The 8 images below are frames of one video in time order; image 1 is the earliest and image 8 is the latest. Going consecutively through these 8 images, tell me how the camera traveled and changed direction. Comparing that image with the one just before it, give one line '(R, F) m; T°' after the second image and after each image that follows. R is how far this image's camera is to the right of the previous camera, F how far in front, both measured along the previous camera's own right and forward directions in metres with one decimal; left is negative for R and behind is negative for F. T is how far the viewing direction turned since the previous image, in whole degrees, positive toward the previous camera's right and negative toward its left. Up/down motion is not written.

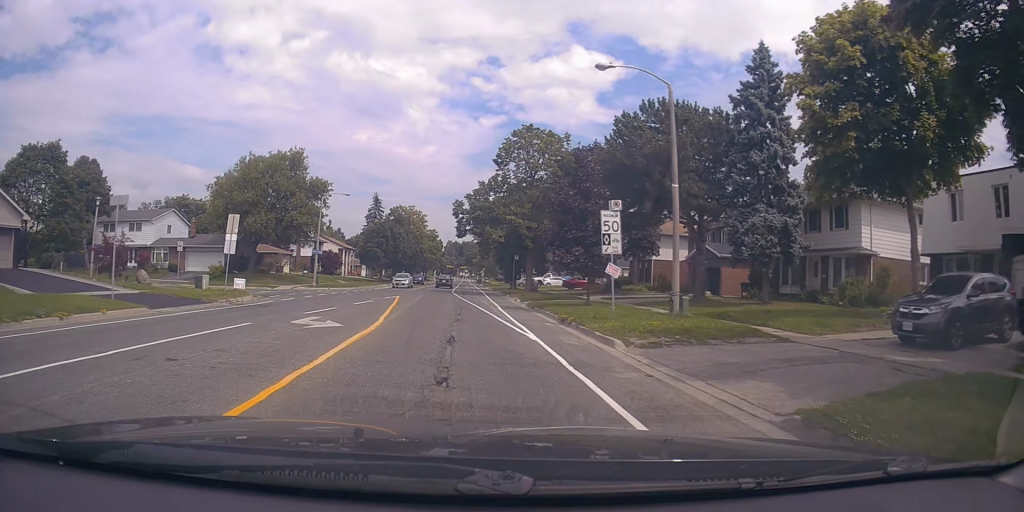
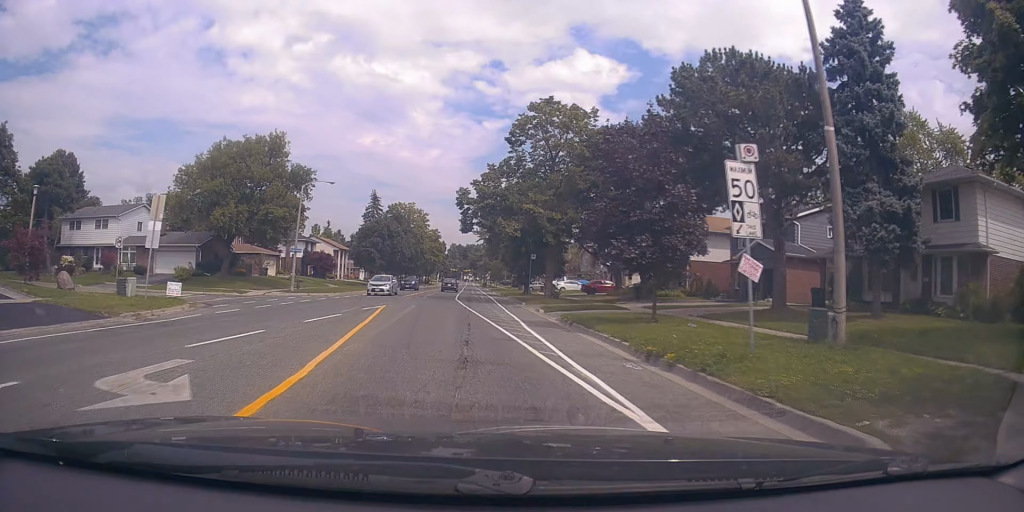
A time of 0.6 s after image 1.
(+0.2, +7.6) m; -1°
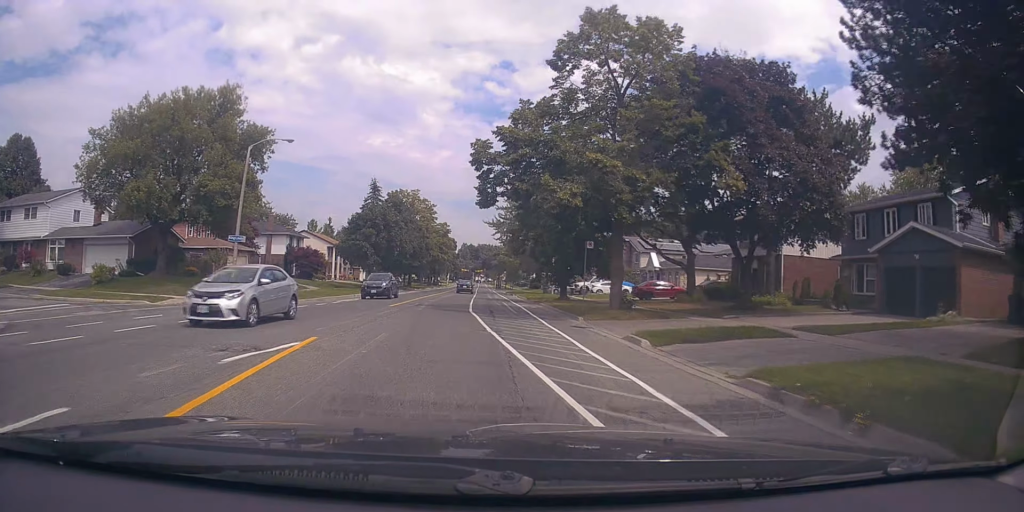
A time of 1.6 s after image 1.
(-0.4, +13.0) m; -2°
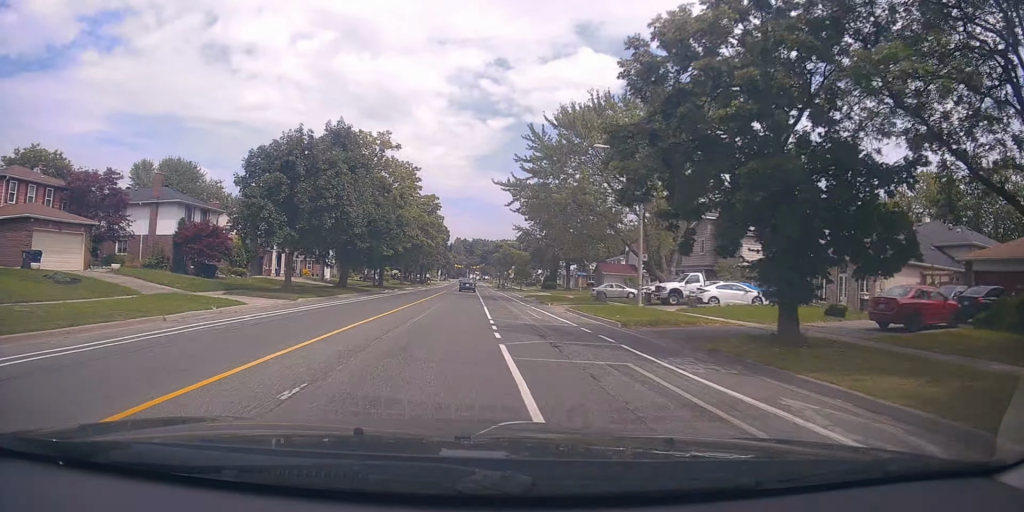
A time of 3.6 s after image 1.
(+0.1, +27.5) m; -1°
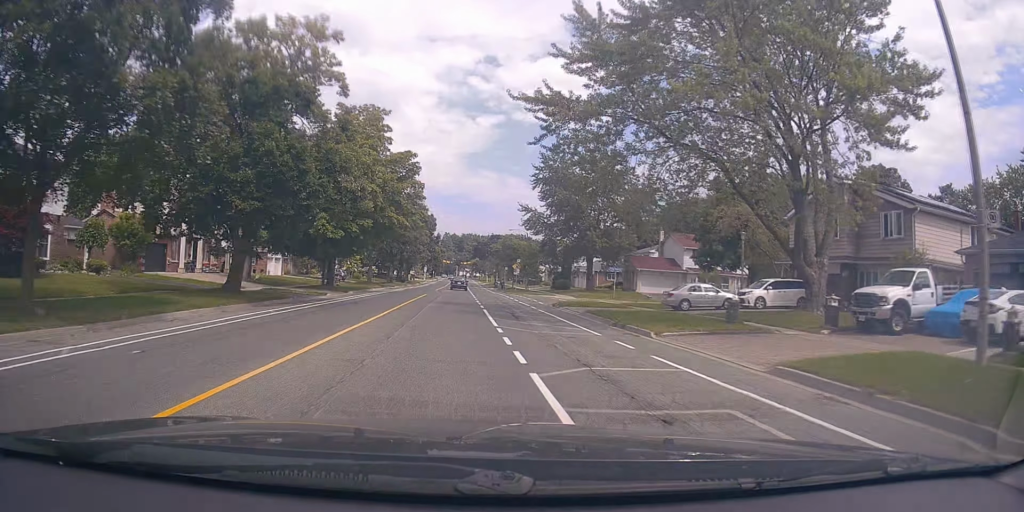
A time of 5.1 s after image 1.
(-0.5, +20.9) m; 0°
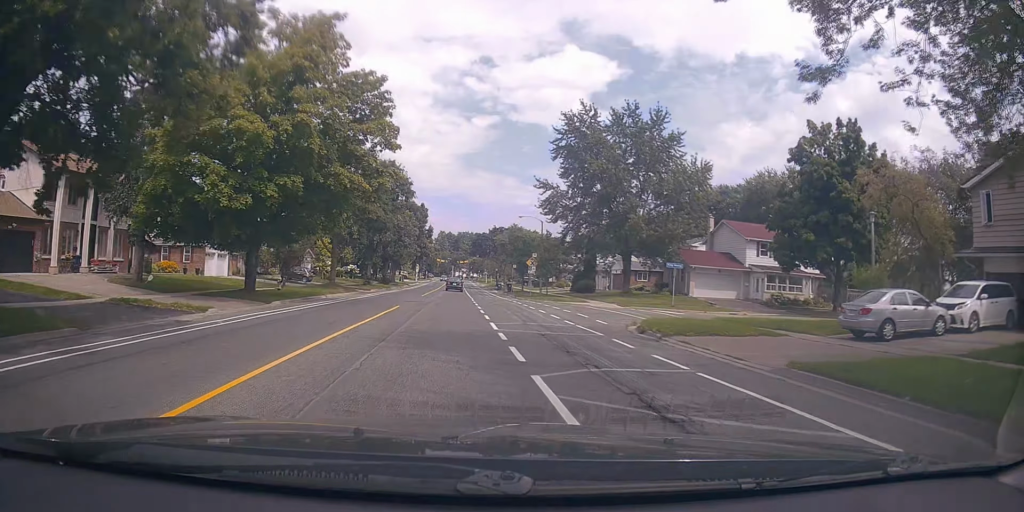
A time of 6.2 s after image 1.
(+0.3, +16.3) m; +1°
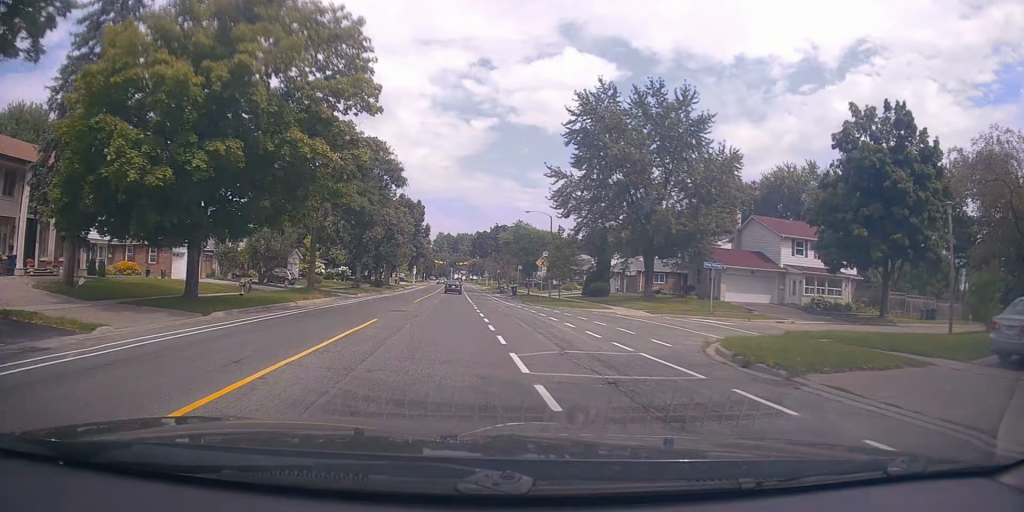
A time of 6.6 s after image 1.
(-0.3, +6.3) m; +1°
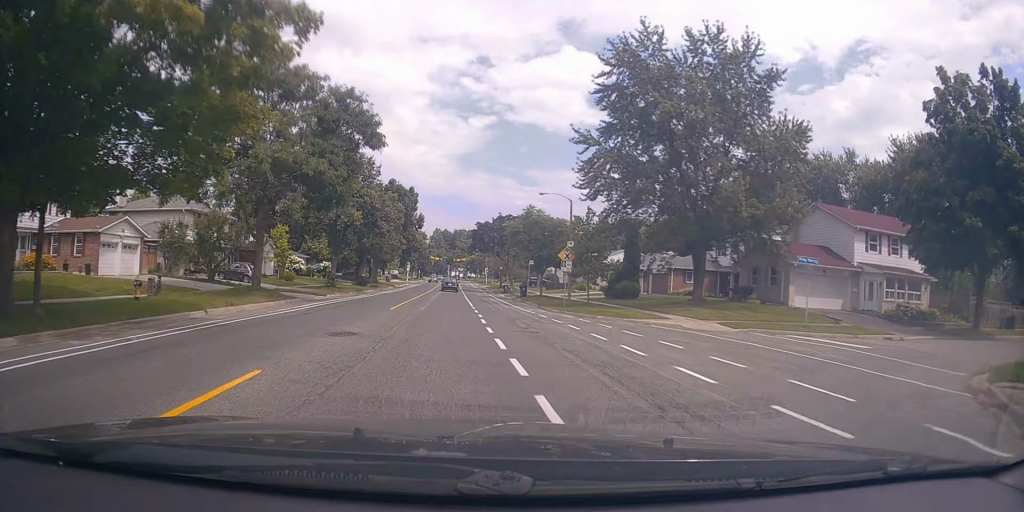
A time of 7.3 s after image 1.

· · · ·

Try it: Reproduce exactly the lines from the one with "A time of 1.6 s after image 1." to the bottom of the listing, both ends included, and nothing else. Skip the pictures.

Solved exercise:
A time of 1.6 s after image 1.
(-0.4, +13.0) m; -2°
A time of 3.6 s after image 1.
(+0.1, +27.5) m; -1°
A time of 5.1 s after image 1.
(-0.5, +20.9) m; 0°
A time of 6.2 s after image 1.
(+0.3, +16.3) m; +1°
A time of 6.6 s after image 1.
(-0.3, +6.3) m; +1°
A time of 7.3 s after image 1.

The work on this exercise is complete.